• [AIM OF THE EXERCISE]: Among the entries below, retype exactly the lines starting with the one with "The image shows 28" and going on through the one with "The image shows 80", but not the pictures.

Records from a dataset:
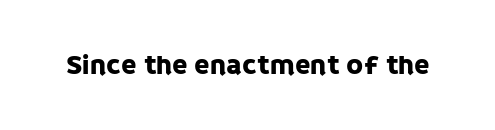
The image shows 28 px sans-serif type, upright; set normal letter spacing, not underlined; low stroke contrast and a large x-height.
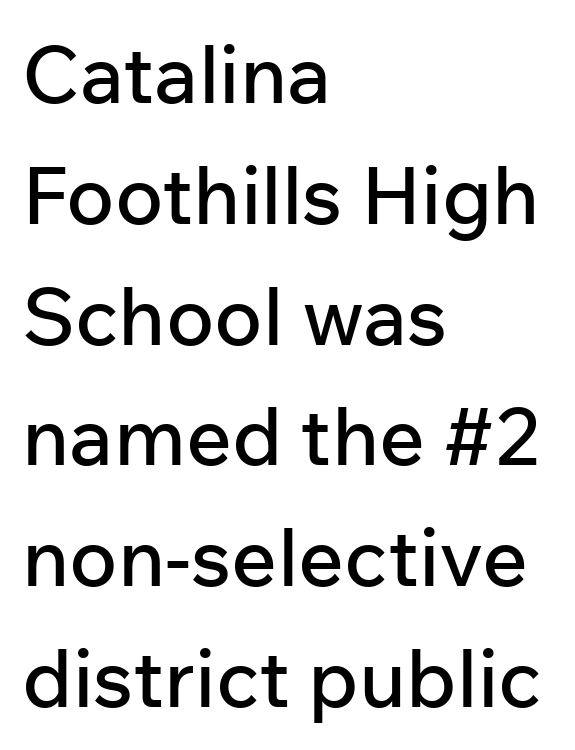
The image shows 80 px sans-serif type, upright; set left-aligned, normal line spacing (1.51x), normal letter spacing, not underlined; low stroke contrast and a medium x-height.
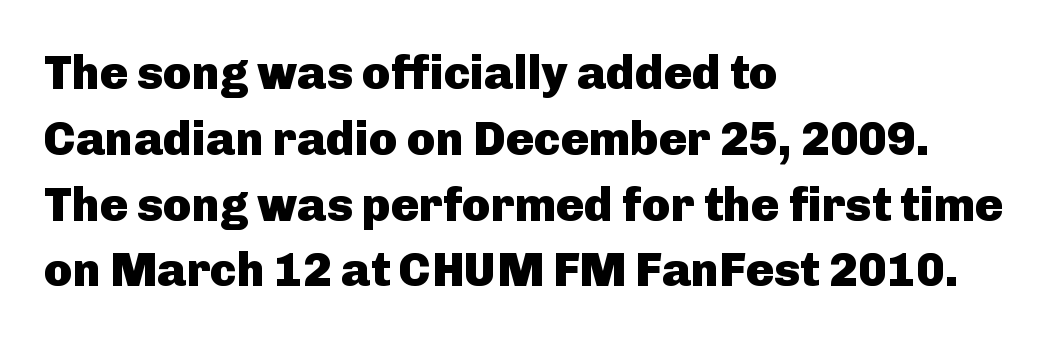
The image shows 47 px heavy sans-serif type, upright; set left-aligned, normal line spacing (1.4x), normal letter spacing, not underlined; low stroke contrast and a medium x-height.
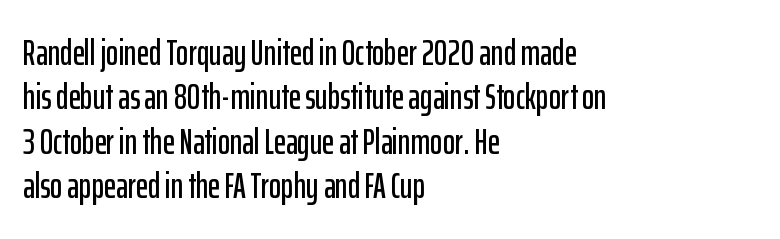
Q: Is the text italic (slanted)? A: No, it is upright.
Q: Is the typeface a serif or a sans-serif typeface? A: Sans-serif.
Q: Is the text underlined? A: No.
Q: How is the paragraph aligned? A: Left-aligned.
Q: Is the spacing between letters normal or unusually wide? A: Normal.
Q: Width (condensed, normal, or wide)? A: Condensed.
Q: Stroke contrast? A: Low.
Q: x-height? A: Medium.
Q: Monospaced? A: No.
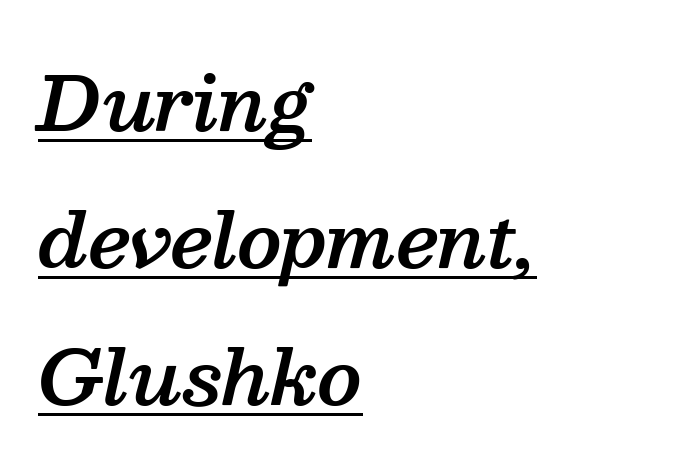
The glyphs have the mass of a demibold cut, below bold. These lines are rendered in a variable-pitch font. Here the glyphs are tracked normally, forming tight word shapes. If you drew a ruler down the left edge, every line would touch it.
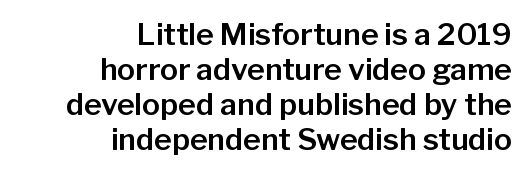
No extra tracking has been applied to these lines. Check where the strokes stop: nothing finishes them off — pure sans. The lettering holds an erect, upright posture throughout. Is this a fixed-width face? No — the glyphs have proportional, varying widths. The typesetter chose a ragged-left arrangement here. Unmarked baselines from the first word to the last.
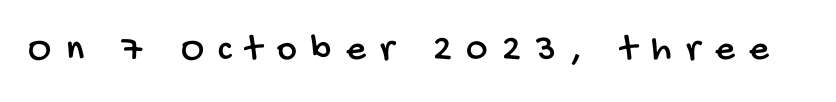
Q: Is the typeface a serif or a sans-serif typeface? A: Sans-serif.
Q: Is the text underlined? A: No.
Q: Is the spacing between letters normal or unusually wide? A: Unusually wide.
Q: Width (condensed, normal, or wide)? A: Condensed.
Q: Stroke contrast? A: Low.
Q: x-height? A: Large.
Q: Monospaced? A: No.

* * *

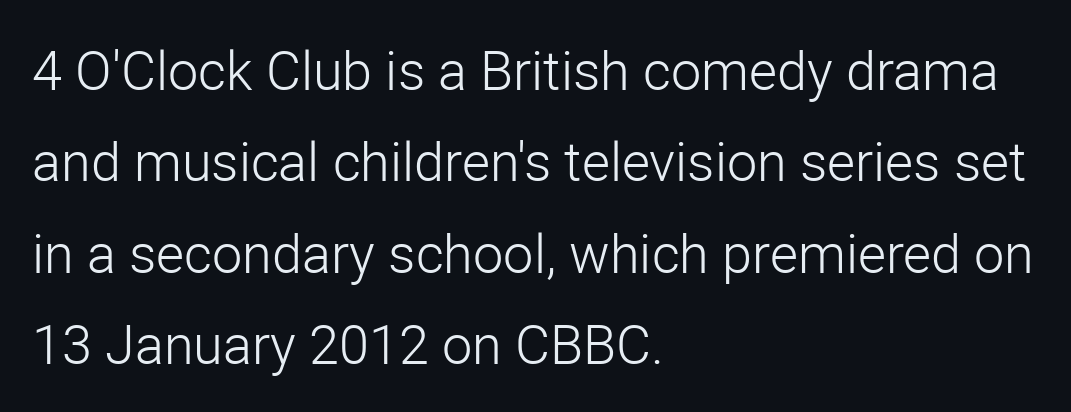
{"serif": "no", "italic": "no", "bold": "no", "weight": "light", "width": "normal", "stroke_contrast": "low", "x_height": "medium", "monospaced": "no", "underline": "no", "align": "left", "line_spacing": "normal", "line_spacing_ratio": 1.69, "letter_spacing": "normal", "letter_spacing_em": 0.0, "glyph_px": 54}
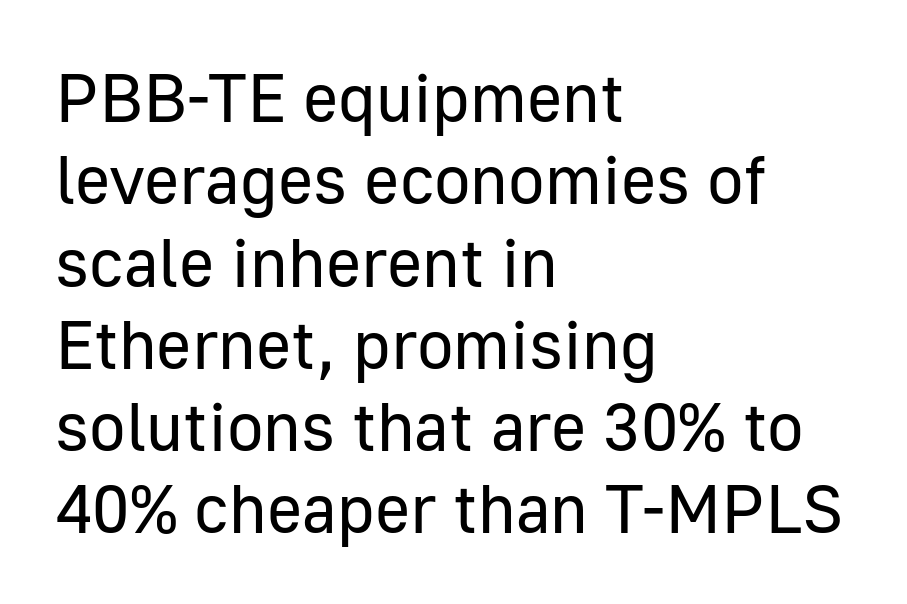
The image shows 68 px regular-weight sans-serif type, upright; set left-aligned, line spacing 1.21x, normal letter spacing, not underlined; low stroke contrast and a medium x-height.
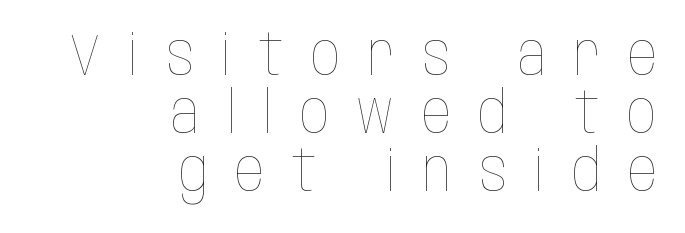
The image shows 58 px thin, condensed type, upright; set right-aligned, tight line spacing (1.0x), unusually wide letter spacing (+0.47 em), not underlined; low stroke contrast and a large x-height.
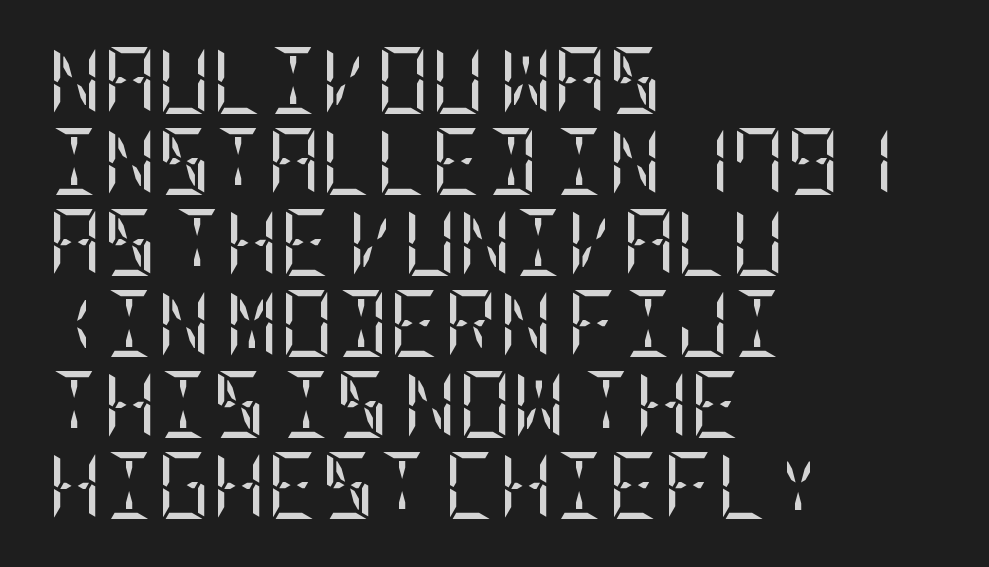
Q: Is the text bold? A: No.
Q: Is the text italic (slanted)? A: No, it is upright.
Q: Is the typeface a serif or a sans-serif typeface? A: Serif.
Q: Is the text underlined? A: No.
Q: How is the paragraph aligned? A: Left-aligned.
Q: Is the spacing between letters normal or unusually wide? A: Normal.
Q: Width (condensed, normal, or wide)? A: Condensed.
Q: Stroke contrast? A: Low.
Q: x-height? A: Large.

• [ANSWER TO THIS PROBLEM]:
The image shows 28 px sans-serif type, upright; set normal letter spacing, not underlined; low stroke contrast and a large x-height.
The image shows 80 px sans-serif type, upright; set left-aligned, normal line spacing (1.51x), normal letter spacing, not underlined; low stroke contrast and a medium x-height.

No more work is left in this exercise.